** Opening Dataset block **
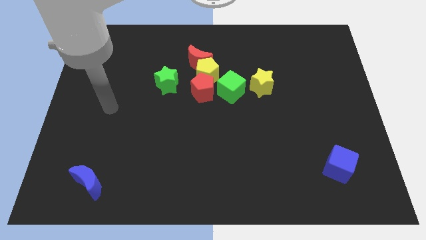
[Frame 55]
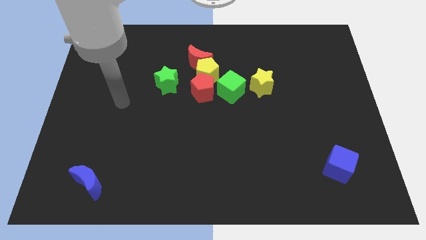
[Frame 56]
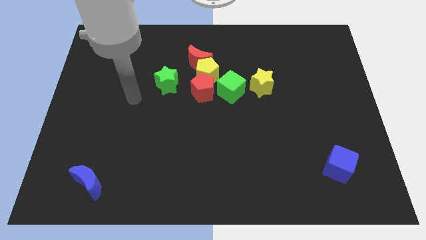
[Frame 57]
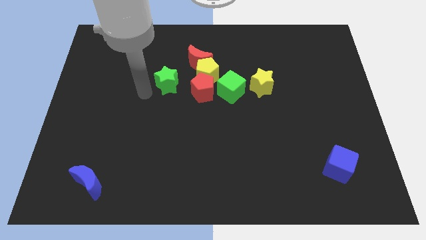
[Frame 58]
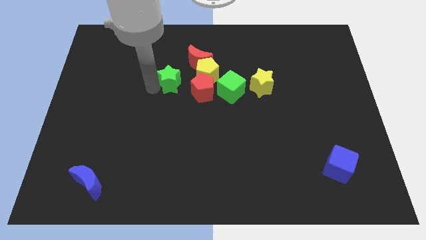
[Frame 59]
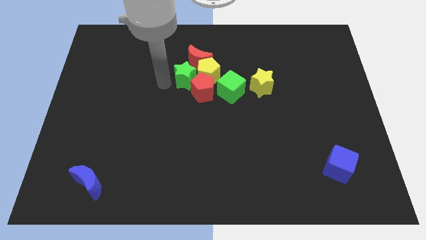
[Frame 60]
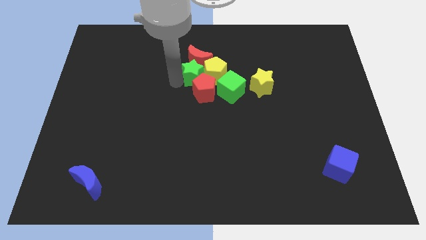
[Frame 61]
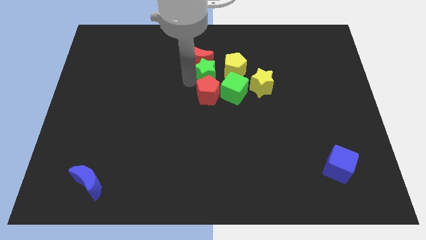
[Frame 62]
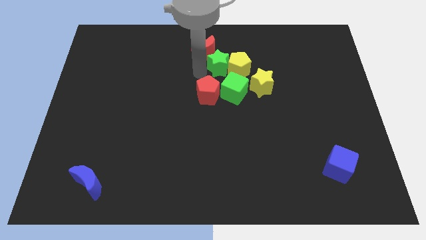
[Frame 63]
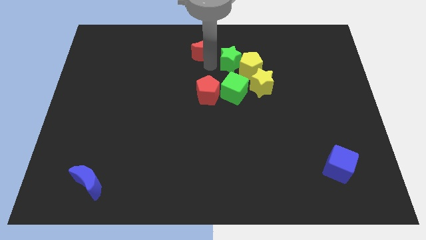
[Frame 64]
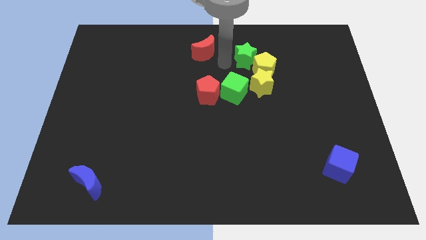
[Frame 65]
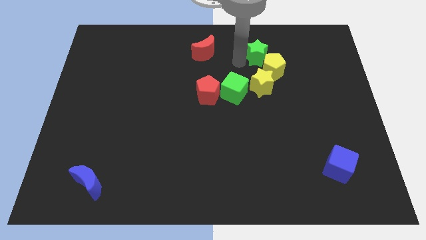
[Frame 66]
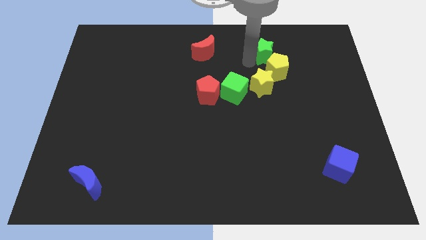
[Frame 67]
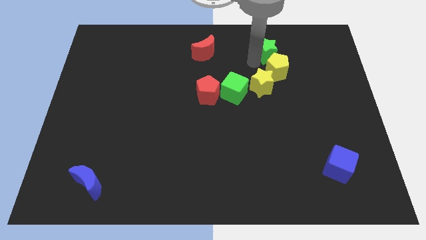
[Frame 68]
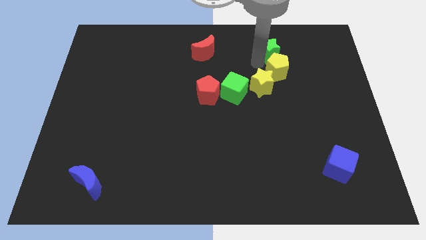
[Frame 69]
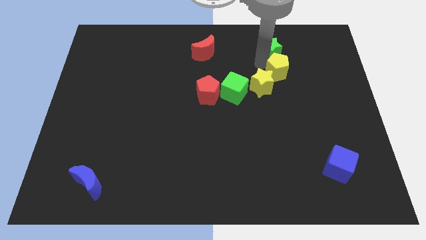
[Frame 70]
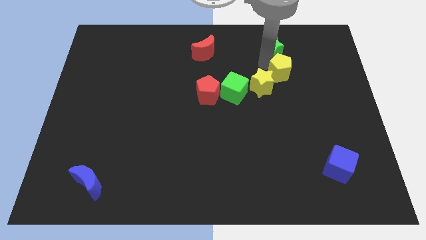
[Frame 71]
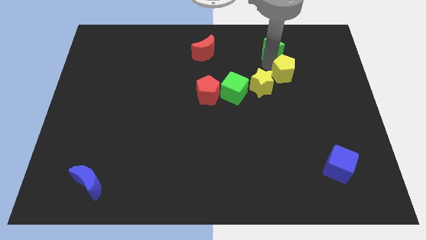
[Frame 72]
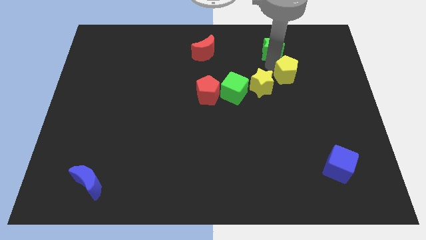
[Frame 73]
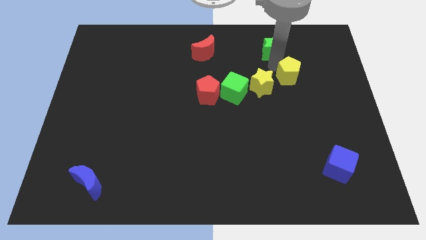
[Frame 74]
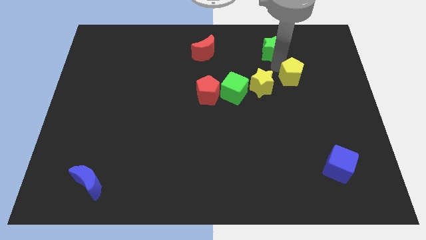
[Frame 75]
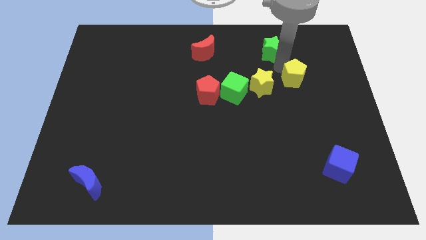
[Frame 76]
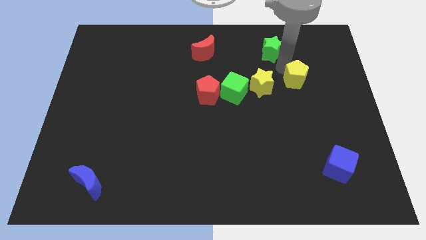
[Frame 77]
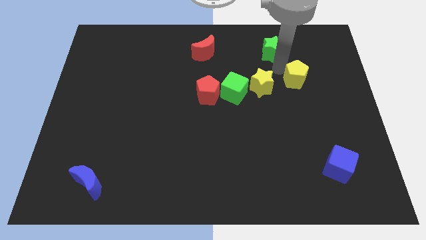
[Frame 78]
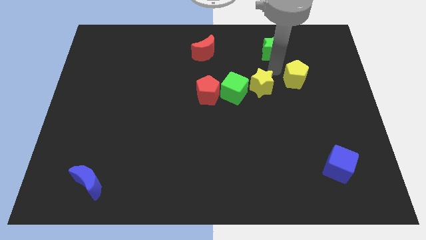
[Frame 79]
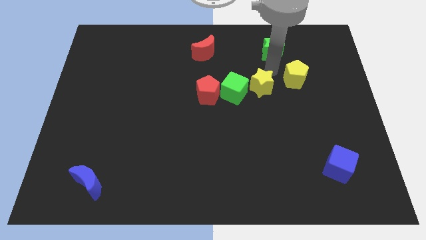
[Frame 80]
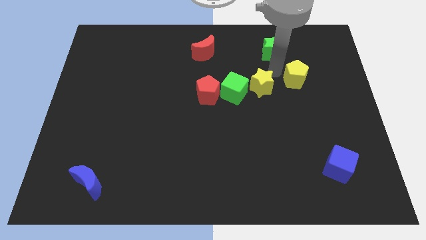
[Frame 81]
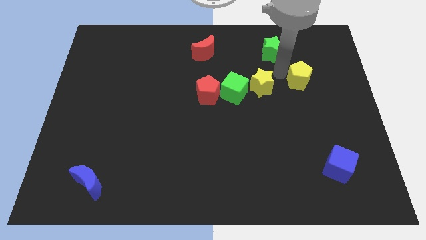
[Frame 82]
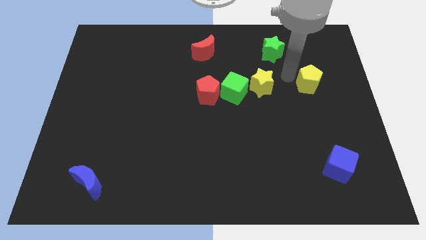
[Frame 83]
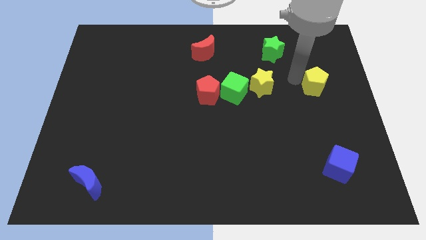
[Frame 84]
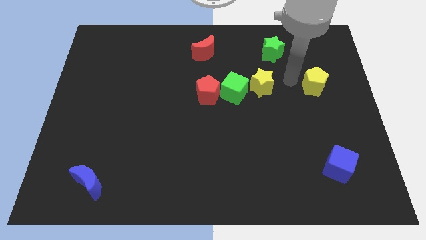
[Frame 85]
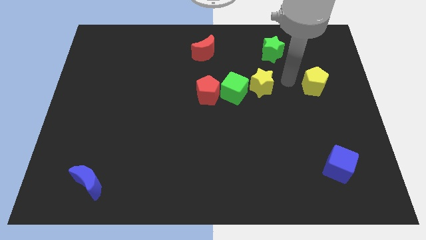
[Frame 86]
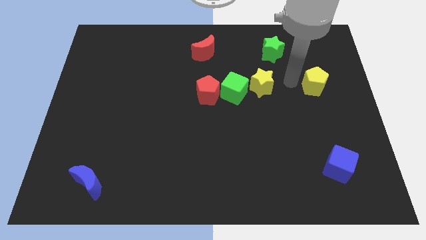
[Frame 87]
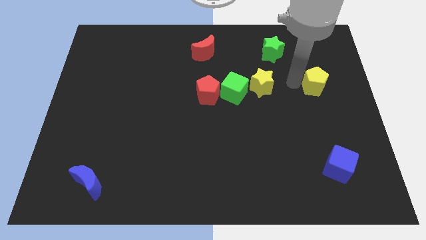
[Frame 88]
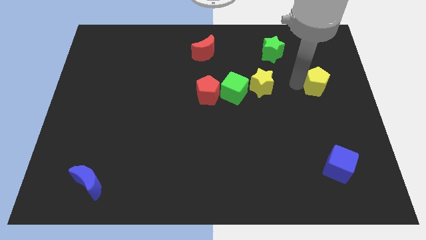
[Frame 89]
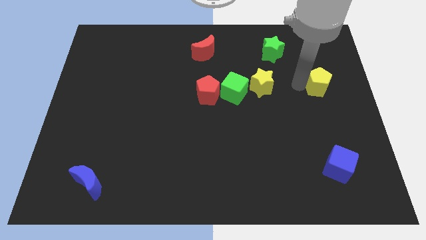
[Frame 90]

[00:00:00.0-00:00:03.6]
** Closing Dataset block **
### What to do:
Output the entries above verbatim, with no picture included.

### Answer to this problem:
[Frame 55]
[Frame 56]
[Frame 57]
[Frame 58]
[Frame 59]
[Frame 60]
[Frame 61]
[Frame 62]
[Frame 63]
[Frame 64]
[Frame 65]
[Frame 66]
[Frame 67]
[Frame 68]
[Frame 69]
[Frame 70]
[Frame 71]
[Frame 72]
[Frame 73]
[Frame 74]
[Frame 75]
[Frame 76]
[Frame 77]
[Frame 78]
[Frame 79]
[Frame 80]
[Frame 81]
[Frame 82]
[Frame 83]
[Frame 84]
[Frame 85]
[Frame 86]
[Frame 87]
[Frame 88]
[Frame 89]
[Frame 90]

[00:00:00.0-00:00:03.6]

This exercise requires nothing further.